In the data below, find each line containing the string "loose" and return it.
■ ■ ■
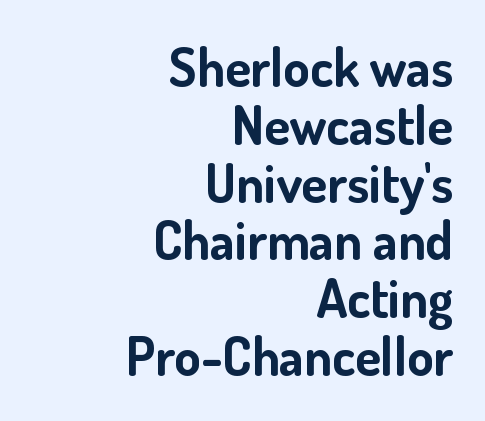
Q: Is the text bold? A: Yes.
Q: Is the text italic (slanted)? A: No, it is upright.
Q: Is the typeface a serif or a sans-serif typeface? A: Sans-serif.
Q: Is the text underlined? A: No.
Q: How is the paragraph aligned? A: Right-aligned.
Q: Is the spacing between letters normal or unusually wide? A: Normal.
Q: Is the spacing between lines tight, normal or loose? A: Tight.
Q: Width (condensed, normal, or wide)? A: Normal.
Q: Stroke contrast? A: Low.
Q: x-height? A: Small.
Q: Monospaced? A: No.
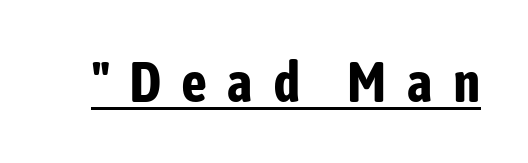
Is the letter spacing exaggerated? Yes — the characters are pushed far apart. This sample has the flowing, uneven cadence of proportional lettering. Observe the absence of serifs on each vertical stroke in this sample. Does the weight exceed regular? Yes, all the way to bold.
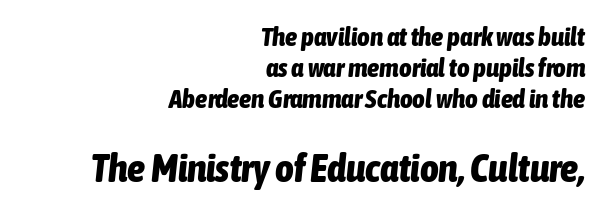
{"italic": "yes", "lean": "right", "slant_degrees": 6, "bold": "yes", "weight": "bold", "width": "condensed", "stroke_contrast": "low", "x_height": "medium", "monospaced": "no", "underline": "no", "align": "right", "line_spacing": "tight", "line_spacing_ratio": 1.14, "letter_spacing": "normal", "letter_spacing_em": 0.0, "larger_block": "second", "size_ratio": 1.48, "glyph_px": 40}
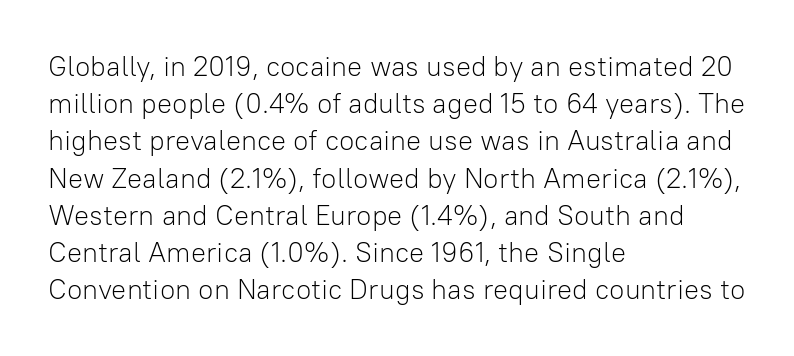
{"serif": "no", "italic": "no", "bold": "no", "weight": "light", "width": "normal", "stroke_contrast": "low", "x_height": "medium", "monospaced": "no", "underline": "no", "align": "left", "line_spacing": "normal", "line_spacing_ratio": 1.33, "letter_spacing": "normal", "letter_spacing_em": 0.0, "glyph_px": 28}
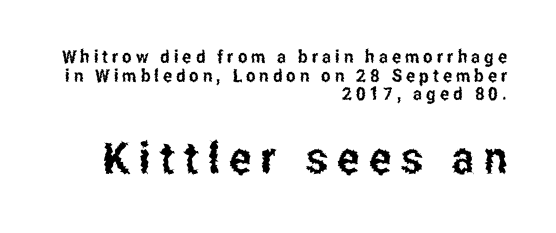
{"serif": "no", "italic": "no", "width": "condensed", "stroke_contrast": "low", "x_height": "medium", "monospaced": "no", "underline": "no", "align": "right", "line_spacing": "tight", "line_spacing_ratio": 1.03, "letter_spacing": "wide", "letter_spacing_em": 0.22, "larger_block": "second", "size_ratio": 2.44, "glyph_px": 44}
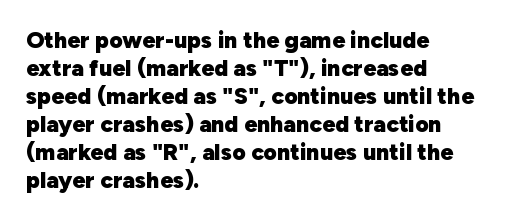
Look at the stroke-to-counter ratio: heavy, a bold. Ordinary non-slanted type is in use. The baseline area is clear. The setting favours the left margin, as ordinary paragraphs usually do. Look at the tracking — it's just the regular setting, nothing added.
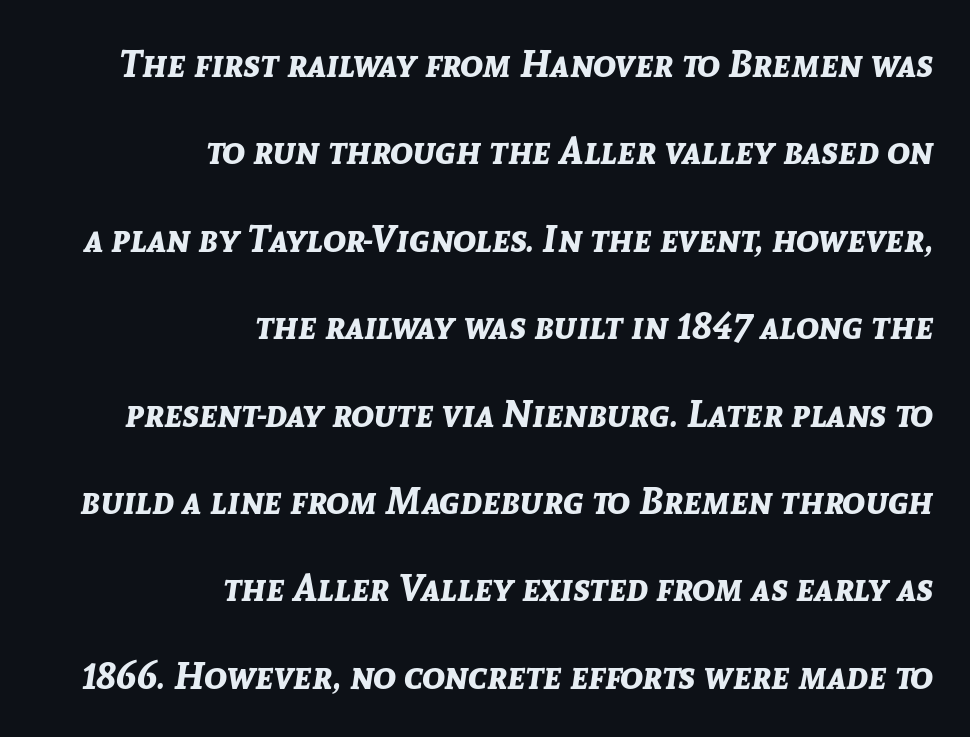
On the weight axis this lands at bold, roughly 700. What's the leading like? Stretched, with rows far apart. There is no visible air inserted between adjacent glyphs. The compositor pushed each line to the right boundary. You could not count columns in this text — the font is proportionally spaced. Any mark beneath the type? The region is blank.
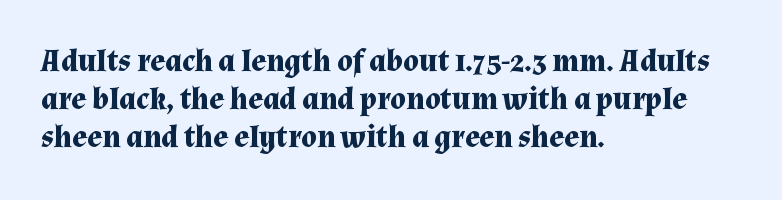
The image shows 31 px bold serif type, upright; set left-aligned, line spacing 1.23x, normal letter spacing, not underlined; medium stroke contrast and a medium x-height.
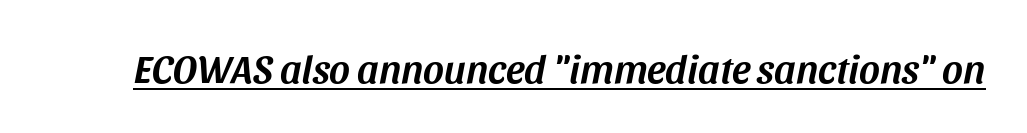
The image shows 40 px text type, italic (leaning right); set normal letter spacing, underlined; medium stroke contrast and a large x-height.
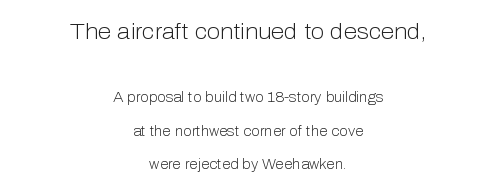
The image shows 22 px text type, upright; set centered, loose line spacing (2.39x), normal letter spacing, not underlined; the first (top) block is 1.57x larger.
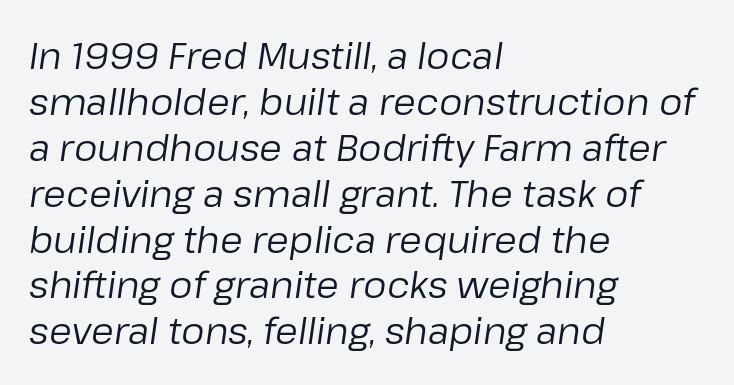
The line texture is even and compact thanks to regular tracking. These lines are rendered in a variable-pitch font. Counters stay open thanks to moderate or lighter strokes. Lines of text with bare space underneath. This rendering uses left alignment, leaving the right contour irregular.
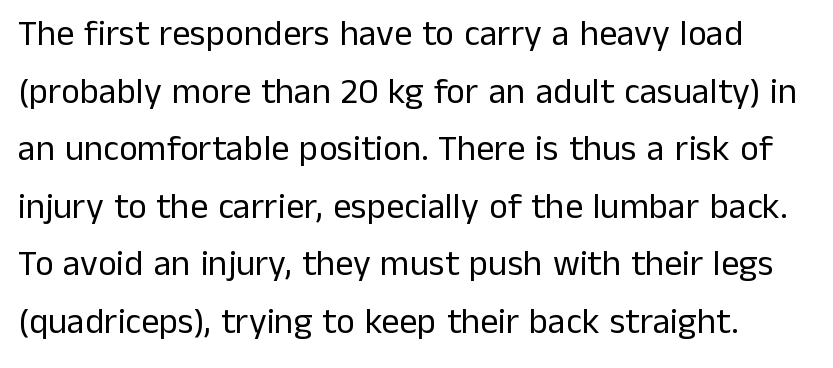
The image shows 36 px regular-weight sans-serif type, upright; set normal line spacing (1.6x), normal letter spacing, not underlined; low stroke contrast and a medium x-height.
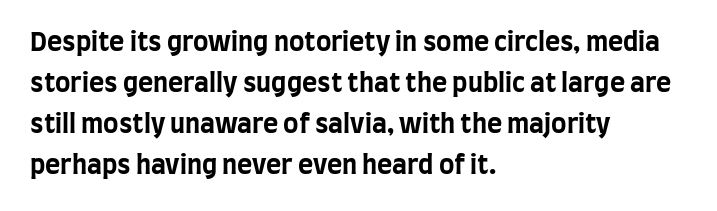
Q: Is the text bold? A: Yes.
Q: Is the text italic (slanted)? A: No, it is upright.
Q: Is the text underlined? A: No.
Q: How is the paragraph aligned? A: Left-aligned.
Q: Is the spacing between letters normal or unusually wide? A: Normal.
Q: Is the spacing between lines tight, normal or loose? A: Normal.
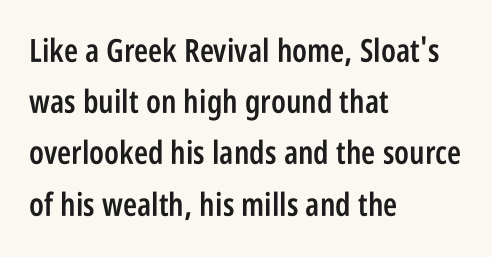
■ ■ ■
Result for this task ->
Q: Is the spacing between lines tight, normal or loose? A: Tight.
The image shows 22 px text type, upright; set centered, loose line spacing (2.39x), normal letter spacing, not underlined; the first (top) block is 1.57x larger.
Q: Is the spacing between lines tight, normal or loose? A: Normal.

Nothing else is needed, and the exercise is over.